:: What you should do ::
Word for word, write the records out again, but omit each picture.
* * * * *
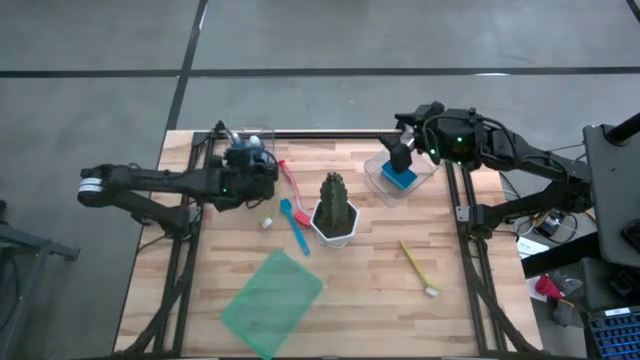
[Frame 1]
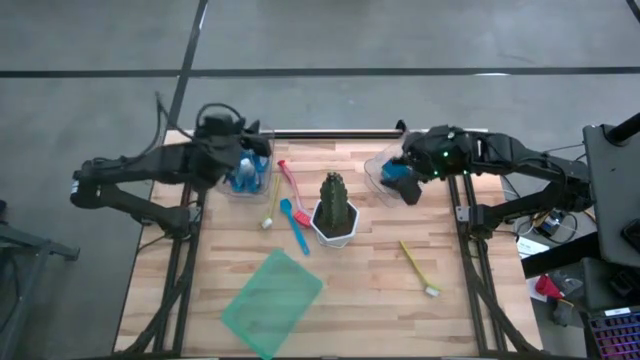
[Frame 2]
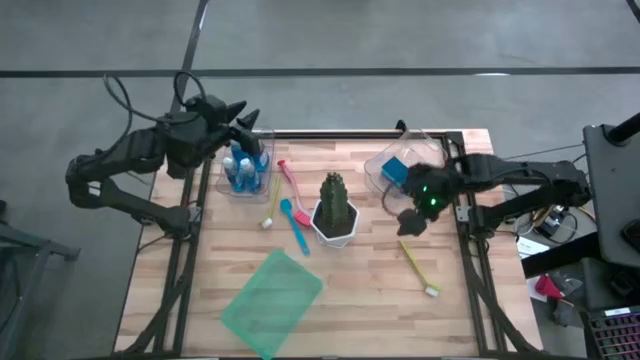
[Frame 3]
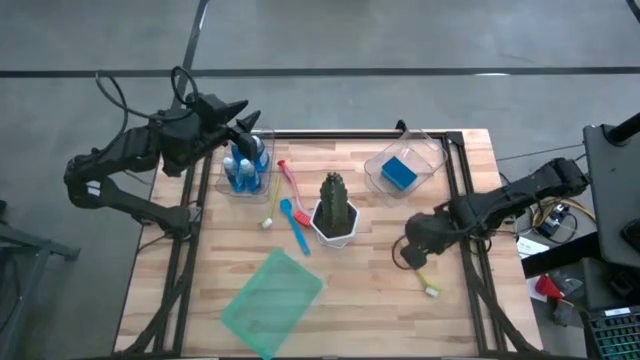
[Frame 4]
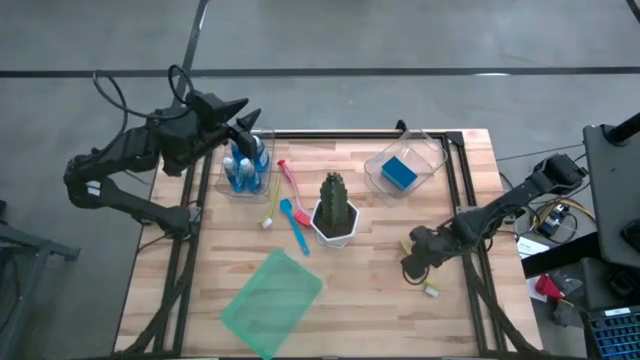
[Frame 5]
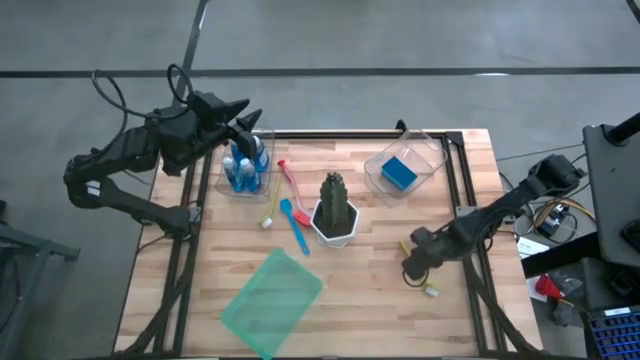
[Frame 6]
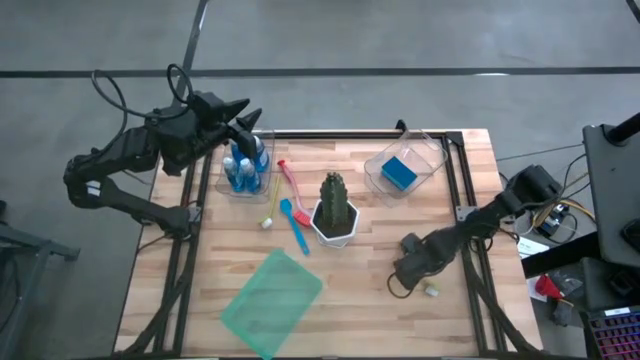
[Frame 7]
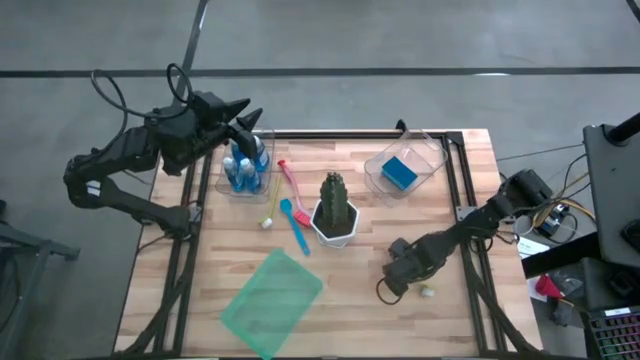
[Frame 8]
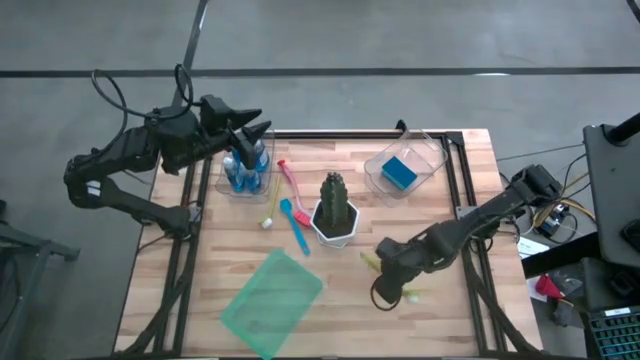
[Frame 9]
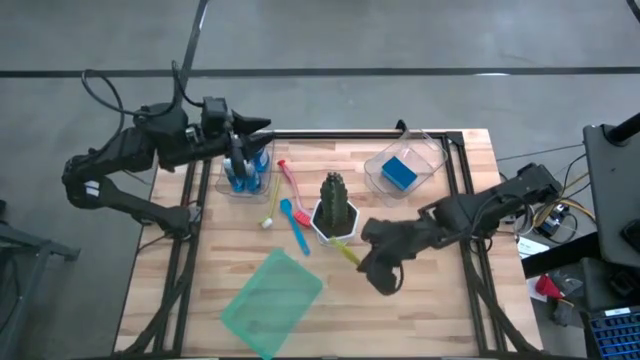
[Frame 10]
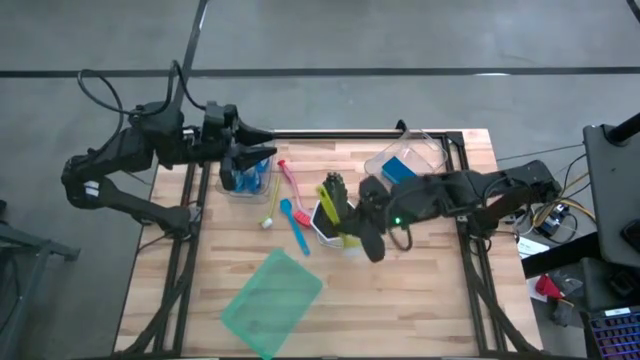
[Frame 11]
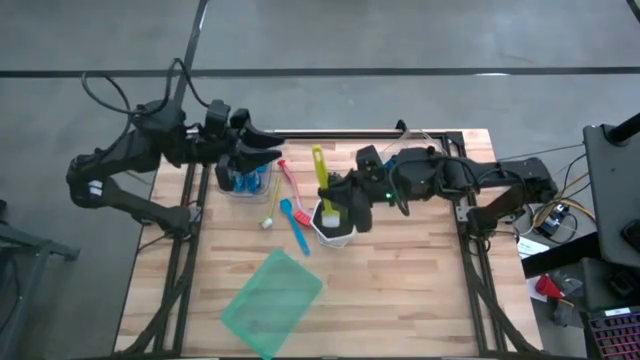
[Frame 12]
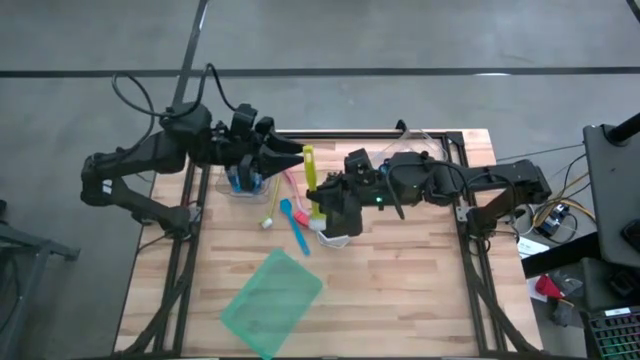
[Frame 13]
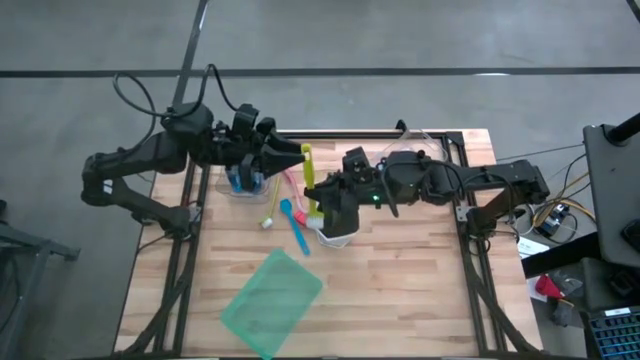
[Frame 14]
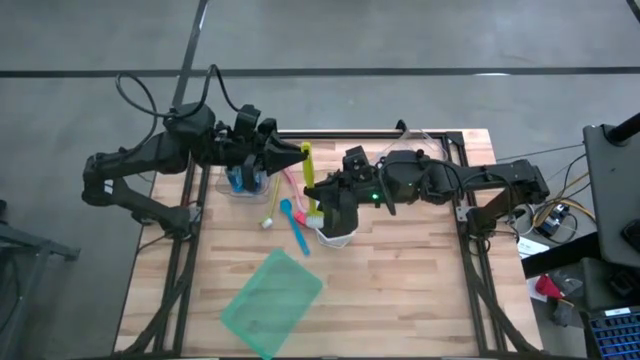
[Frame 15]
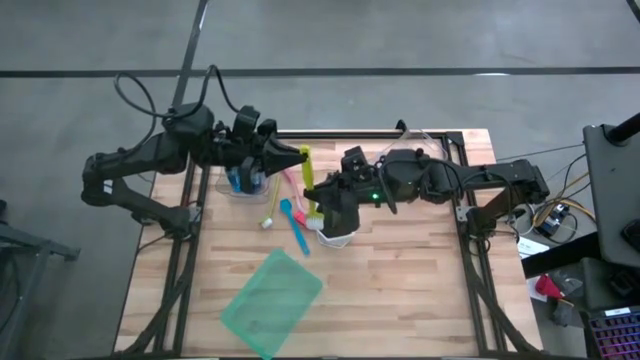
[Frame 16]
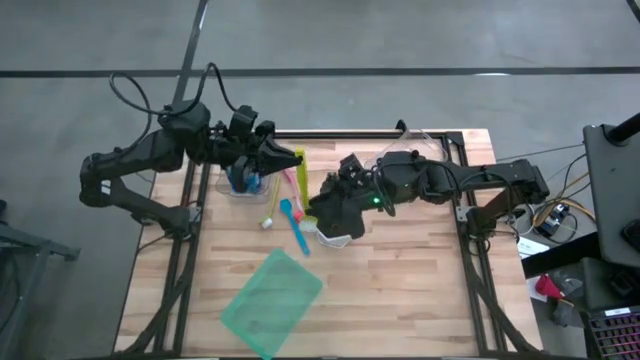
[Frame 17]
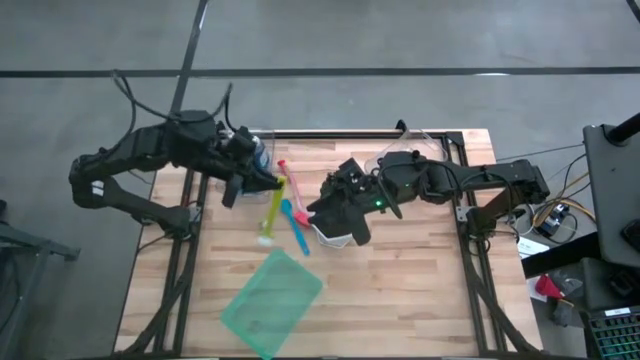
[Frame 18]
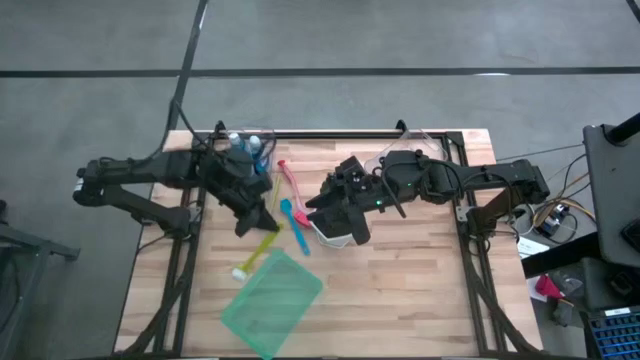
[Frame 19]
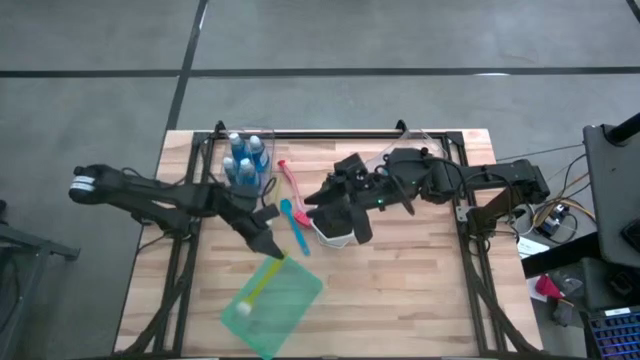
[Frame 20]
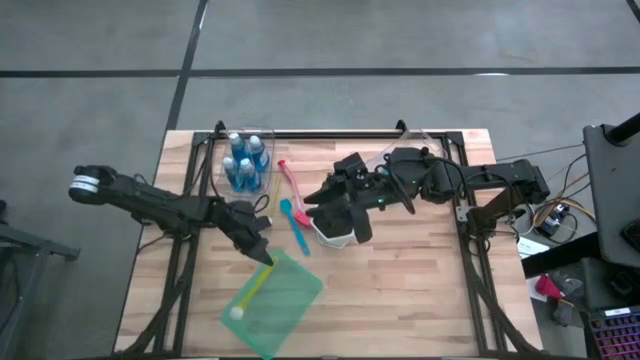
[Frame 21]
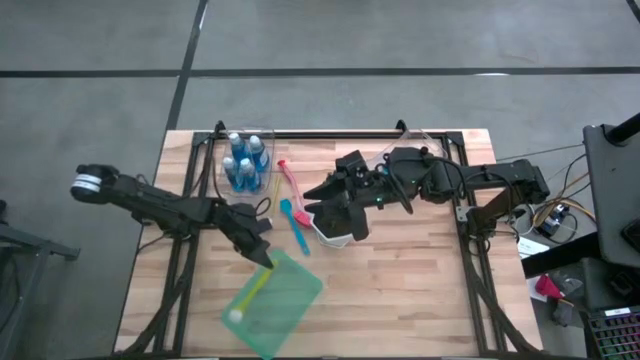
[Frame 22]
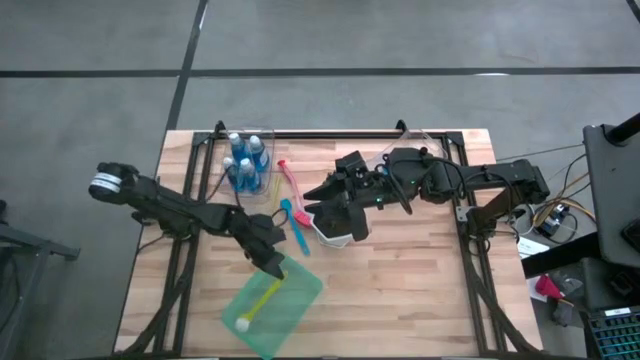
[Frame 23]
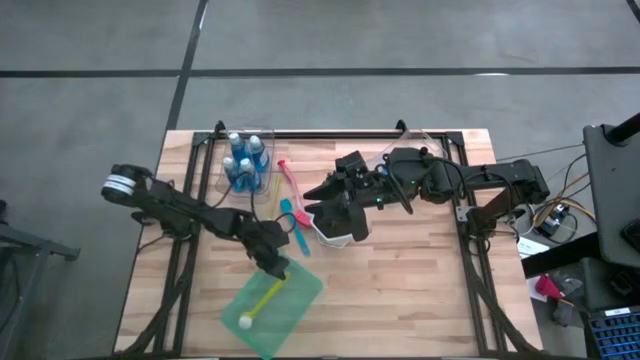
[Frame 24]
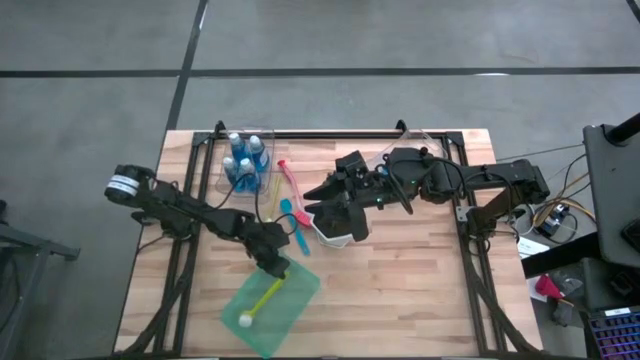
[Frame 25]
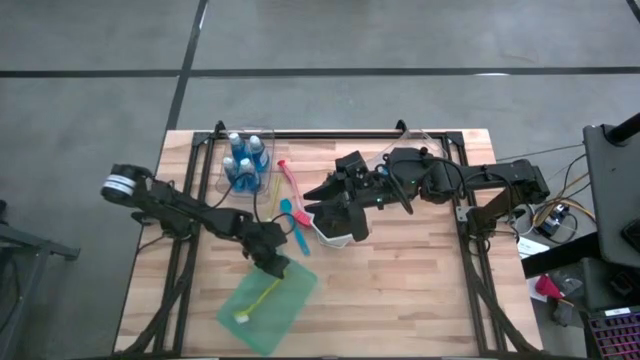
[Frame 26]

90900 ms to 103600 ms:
Task: Pick & Place Kitchen Sink Supplies
Put the green dish brush into the green bin
* * * * *
:: Solution ::
[Frame 1]
[Frame 2]
[Frame 3]
[Frame 4]
[Frame 5]
[Frame 6]
[Frame 7]
[Frame 8]
[Frame 9]
[Frame 10]
[Frame 11]
[Frame 12]
[Frame 13]
[Frame 14]
[Frame 15]
[Frame 16]
[Frame 17]
[Frame 18]
[Frame 19]
[Frame 20]
[Frame 21]
[Frame 22]
[Frame 23]
[Frame 24]
[Frame 25]
[Frame 26]

90900 ms to 103600 ms:
Task: Pick & Place Kitchen Sink Supplies
Put the green dish brush into the green bin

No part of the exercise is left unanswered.